Exercise directions: From the entries that follow, copy exactly the lines beginning at the line holding "Q: Stroke contrast? A: Low." and continuing through the line holding "Q: Monospaced? A: No.".

Records shown:
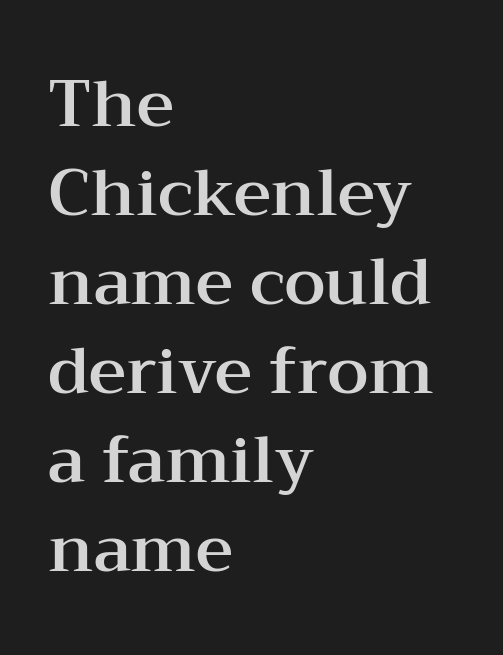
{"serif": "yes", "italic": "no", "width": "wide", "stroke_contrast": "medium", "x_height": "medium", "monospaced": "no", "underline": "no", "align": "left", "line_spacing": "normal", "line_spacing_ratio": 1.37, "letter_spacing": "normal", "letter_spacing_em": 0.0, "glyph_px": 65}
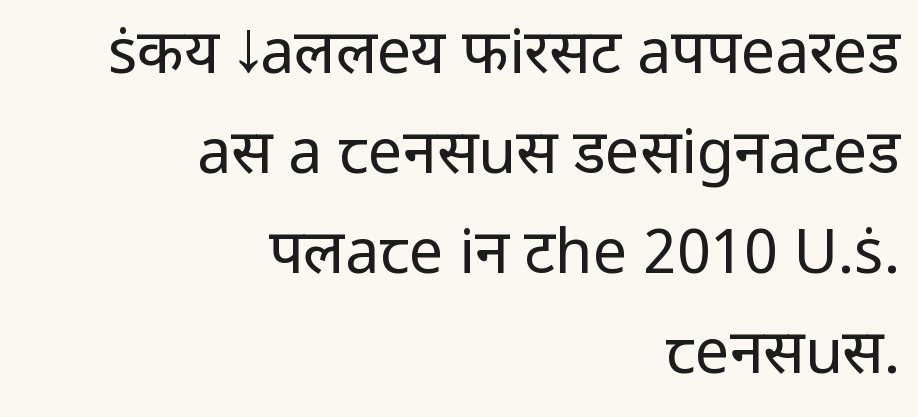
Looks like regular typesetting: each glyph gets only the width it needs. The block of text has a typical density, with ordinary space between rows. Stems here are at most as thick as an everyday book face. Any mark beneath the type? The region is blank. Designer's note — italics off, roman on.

---

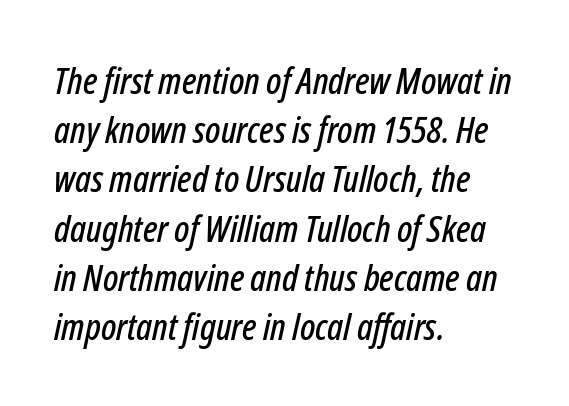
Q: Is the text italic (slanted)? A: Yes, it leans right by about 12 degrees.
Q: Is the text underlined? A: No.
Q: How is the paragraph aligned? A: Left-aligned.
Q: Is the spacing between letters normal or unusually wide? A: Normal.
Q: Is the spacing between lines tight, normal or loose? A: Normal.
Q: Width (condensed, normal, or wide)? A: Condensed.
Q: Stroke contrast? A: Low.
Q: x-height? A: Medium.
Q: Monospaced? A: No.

Response to the task:
Q: Stroke contrast? A: Low.
Q: x-height? A: Medium.
Q: Monospaced? A: No.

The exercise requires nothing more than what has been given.